Set down all of the data exactly. Pictures stay out of the copy.
BEGIN RECORD EXCERPTS
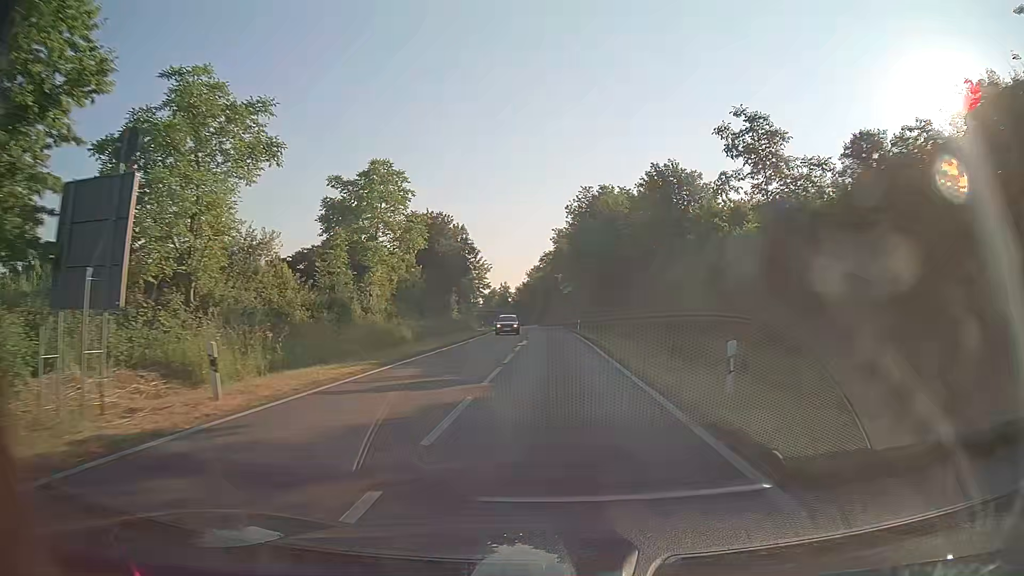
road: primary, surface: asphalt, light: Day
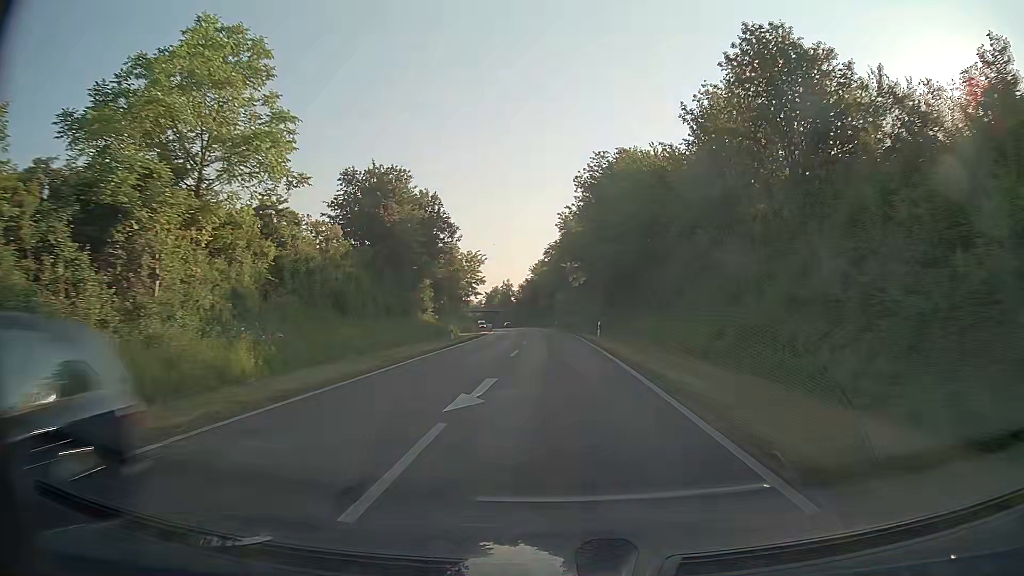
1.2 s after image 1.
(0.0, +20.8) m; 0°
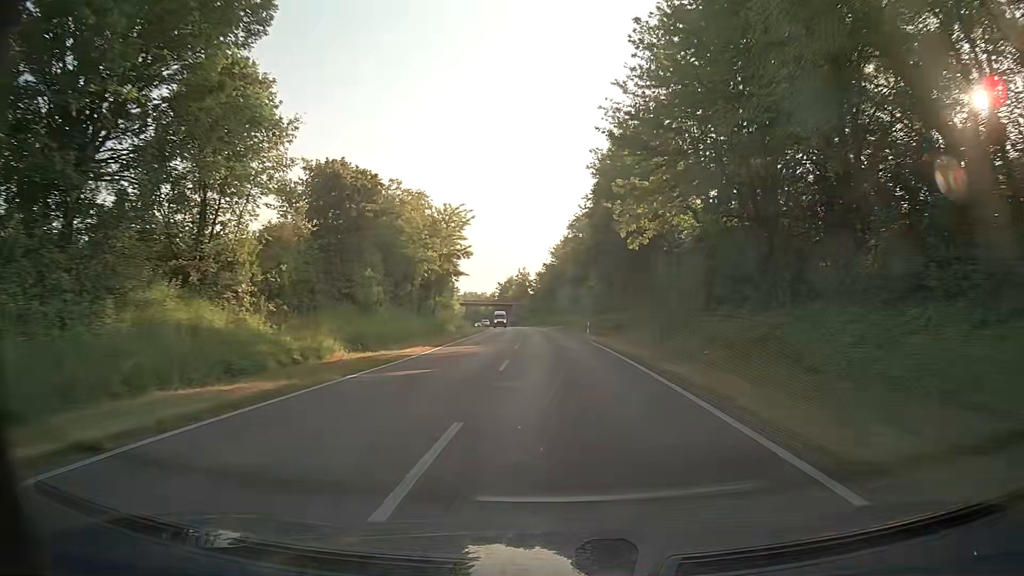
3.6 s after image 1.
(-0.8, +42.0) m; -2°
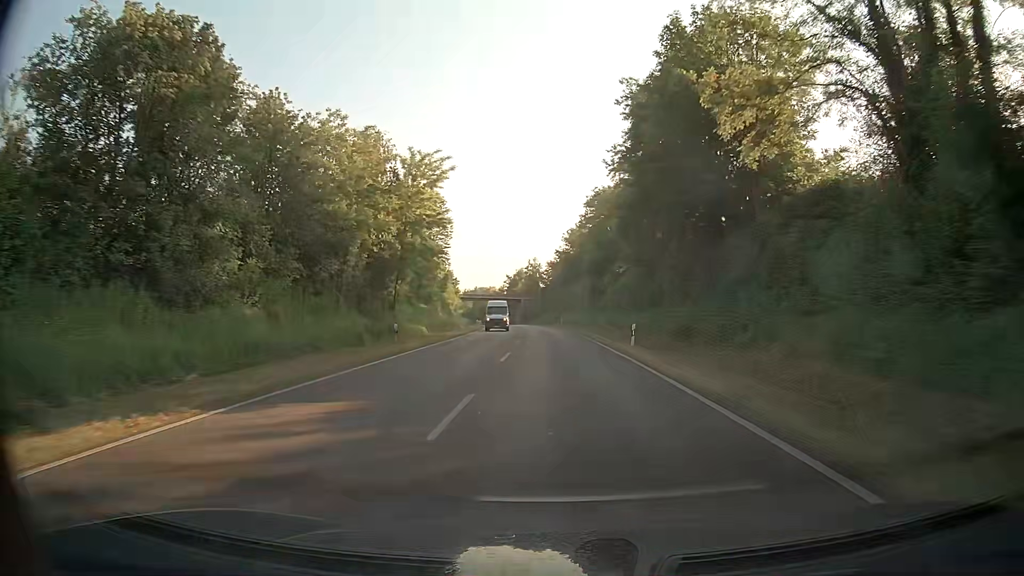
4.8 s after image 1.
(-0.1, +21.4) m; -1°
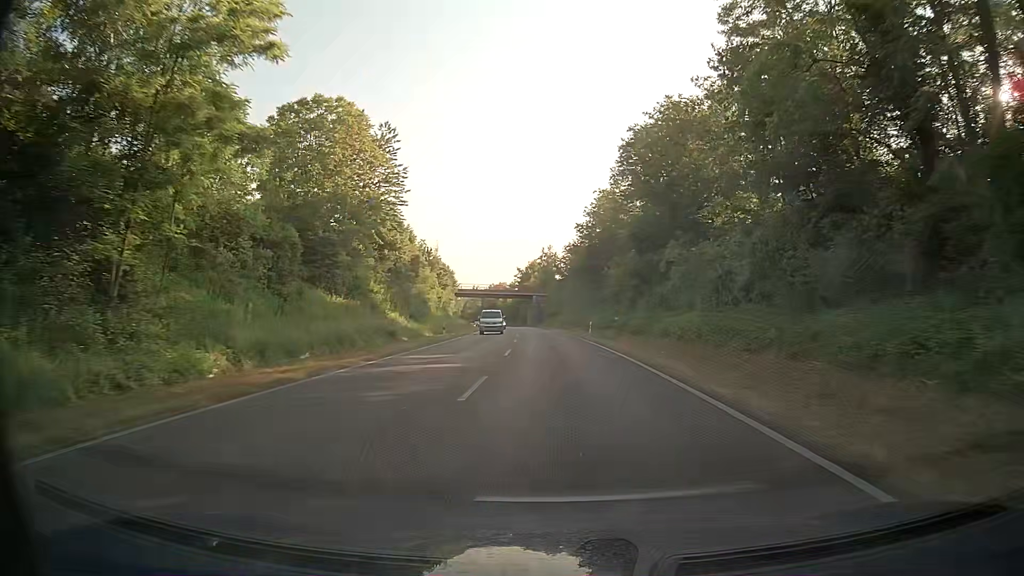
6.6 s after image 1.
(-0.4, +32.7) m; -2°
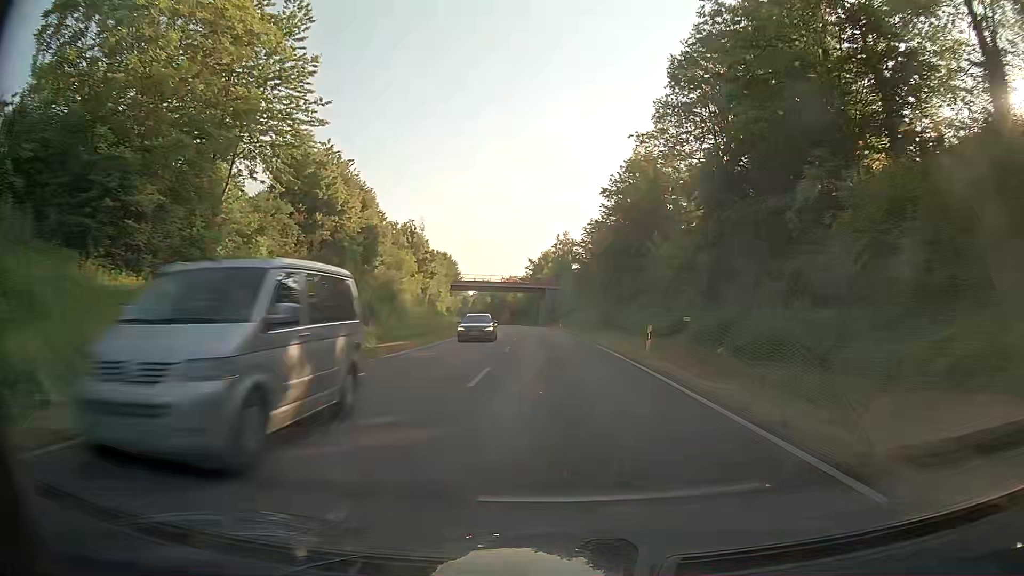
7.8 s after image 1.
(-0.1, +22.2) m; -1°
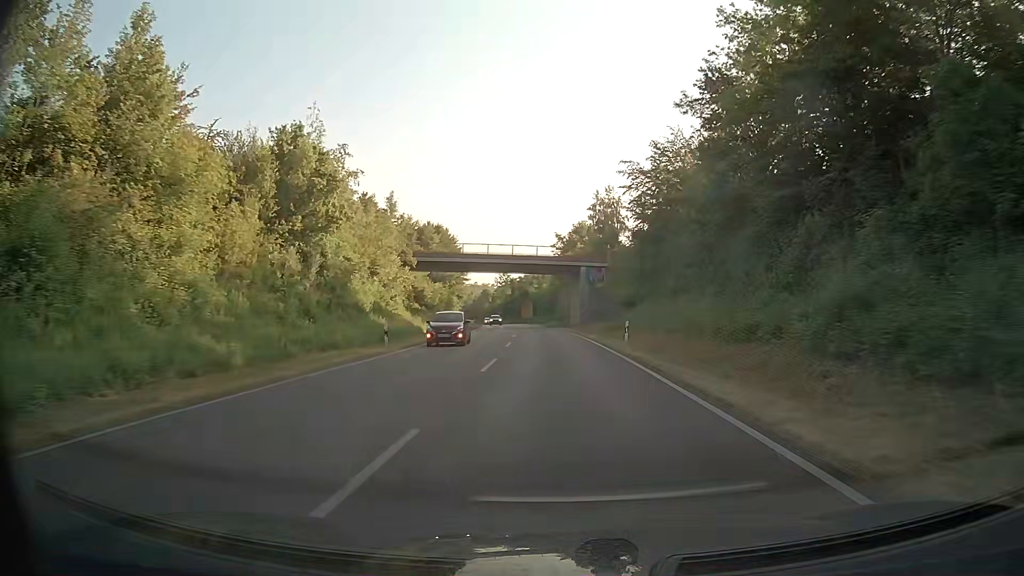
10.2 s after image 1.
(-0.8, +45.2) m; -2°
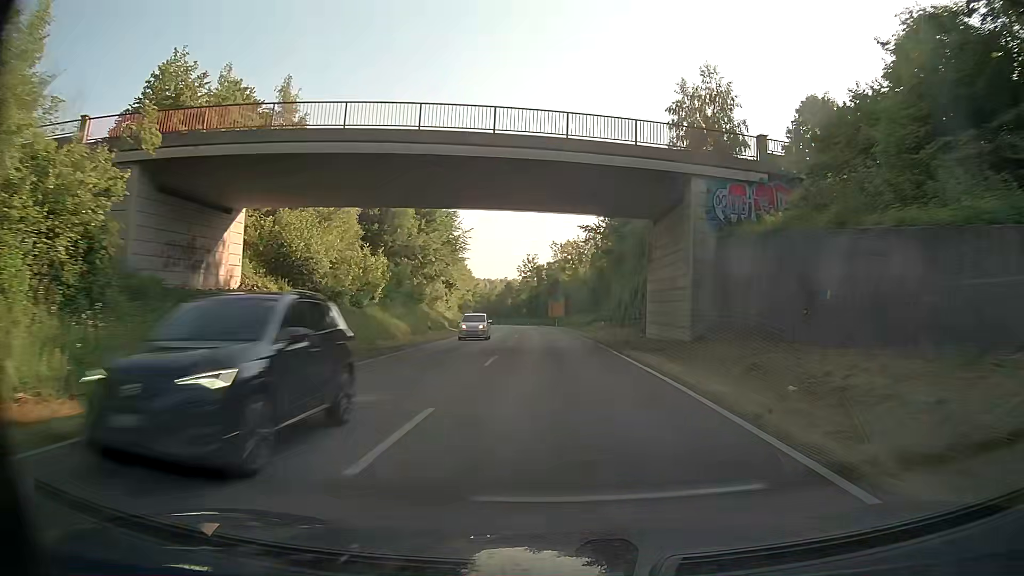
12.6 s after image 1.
END RECORD EXCERPTS
_EXPECTED ANSWER:_
road: primary, surface: asphalt, light: Day
1.2 s after image 1.
(0.0, +20.8) m; 0°
3.6 s after image 1.
(-0.8, +42.0) m; -2°
4.8 s after image 1.
(-0.1, +21.4) m; -1°
6.6 s after image 1.
(-0.4, +32.7) m; -2°
7.8 s after image 1.
(-0.1, +22.2) m; -1°
10.2 s after image 1.
(-0.8, +45.2) m; -2°
12.6 s after image 1.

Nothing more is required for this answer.